A lot of epidemiological studies about genetic polymorphisms on the risks of diseases such as IS have been widely conducted [26,27]. Nowadays, meta-analysis has been widely used to gain more reliable evidence. To our knowledge, this is the first meta-analysis which comprehensively assessed the associations between IL-10-1082G/A and IL-10-819C/T polymorphism and IS risk. The main purpose of our meta-analysis was to review the published literature and attempt to clarify the role of IL-10-1082G/A and IL-10-819C/T polymorphism in IS. In this study, we found significant associations in the overall comparison between IL-10-1082G/A polymorphism and IS. However, IL-10 gene -819C/T polymorphism was not associated with developing IS.

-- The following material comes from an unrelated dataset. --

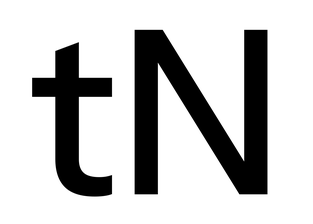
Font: InstrumentSans_Medium
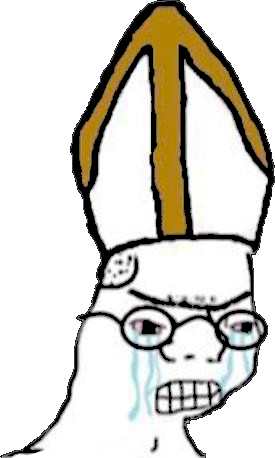
Label: 5_Zoomer

IL-10, an anti-inflammatory cytokine, was showed association with diseases such as type 2 diabetes mellitus (T2DM), coronary heart disease, asthma, stroke and cancer. Consistently, there was also showed association between IL-10 gene polymorphisms and above-mentioned diseases [28-32]. Anjana et al found that, for IL-1082G/A gene polymorphism, there were statistically significant differences in the genotypic distribution and allelic frequency between the patients and healthy controls. The result also showed that A allele of IL-10-1082G/A gene was one of the most predictive independent risk factors for stroke. Similarly, Antonino et al reported, with regard of IL-10 1082G/A genotypes, a higher frequency of A/A genotype in stroke subjects, a higher frequency of G/A genotype in controls and no significant difference in G/G genotype frequency between stroke subjects and controls were observed. Regarding IL-10-819C/T polymorphism, the C/T genotype was significantly more frequent in controls, whereas T/T and C/C genotypes frequency between stroke subjects and controls was no significant difference. Lin et al found there was significant difference in A allele of IL-10-1082G/A gene frequency distribution between stroke and control subjects. But, with regard of IL-10-819C/T gene, there was no significant difference about the genotype and allele frequency distribution between stroke and control subjects. Jin et al found, for the IL-10-1082G/A and -819C/T polymorphisms, there was no significant difference about the genotype and allele frequency distribution between stroke and control subjects. Zhang et al reported that, for the IL-10-1082G/A, G/A genotype and A allele frequency distributions were different between stroke and control subjects. Consistently, for IL-10-819C/T gene, the result was same with the study of above-mentioned. While, Sultana S. et al found that, for the IL10-1082 variants between stroke and control subjects, the G/G genotype was significantly associated with stroke [33]. In our meta-analysis, we excluded the study by Sultana S. et al, because patients in their study might be not completely ischemic stroke. These inconsistent results may be attributed to differences in genetic backgrounds, ethnic difference, and other factors, such as small sample size or inadequate adjustment for confounding factors.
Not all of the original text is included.